Stocks made a massive rebound yesterday following Powell’s testimony to the House Financial Services Committee concerning the Fed’s preparedness in containing the shooting inflation rate. Although he did not clearly state the anticipated path to be followed for the interest rates, the market celebrated some relief as he instilled on the confidence that the hikes will be small and gradual. “The near-term effects on the U.S. economy of the invasion of Ukraine, the ongoing war, the sanctions, and of events to come, remain highly uncertain. Making appropriate monetary policy in this environment requires a recognition that the economy evolves in unexpected ways. We will need to be nimble in responding to incoming data and the evolving outlook,” he said in his testimony acknowledging the flux that has hit the U.S. market in the recent past. 

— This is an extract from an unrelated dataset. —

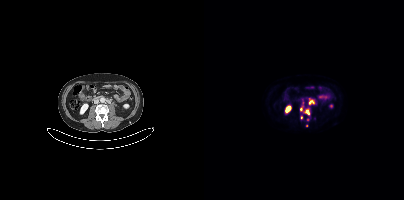
Technique: Two-panel axial: CT | PSMA PET, 18F tracer.
Findings: Coordinates are on the 200×200 PET (right) panel. (showing 6 of 7 foci) PSMA-avid tumor lesion bounding boxes (x0,y0,x1,y1): [105,100,110,104], [101,110,105,114], [96,105,99,110]. Small PSMA-avid foci (2 to 4 px across) near (center x, center y): (97, 117), (103, 119), (102, 125).

The news was met by feisty trades that saw all the 11 S&P 500 sectors surge led by the financials and materials sectors that increased by 2.55% and 2.24% respectively. The Dow shifted upwards 596.40 points, a move that reversed its 597.65 decline on Tuesday. All the 30 stocks in the index gained except Visa Inc. that lost 0.24%. NASDAQ gained 1.62% to close at 13,752.02 points while S&P 500 increased 1.86% to 4,386.54%. 

The rise and fall trajectory in the stock market is expected to continue as the Russia-Ukraine war continues. Although there are planned talks on containing the war, the first round failed to achieve consensus between the two states and war has continued in Ukraine. The ICC has also begun an active probe into the war crimes committed against Ukraine. “I have notified the ICC Presidency a few moments ago of my decision to immediately proceed with active investigations in the Situation. Our work in the collection of evidence has now commenced,” the ICC Prosecutor, Karim Khan, said in a statement acknowledging receipt of referrals from 39 ICC state parties regarding the matter. Will this be enough to make Russia back off? 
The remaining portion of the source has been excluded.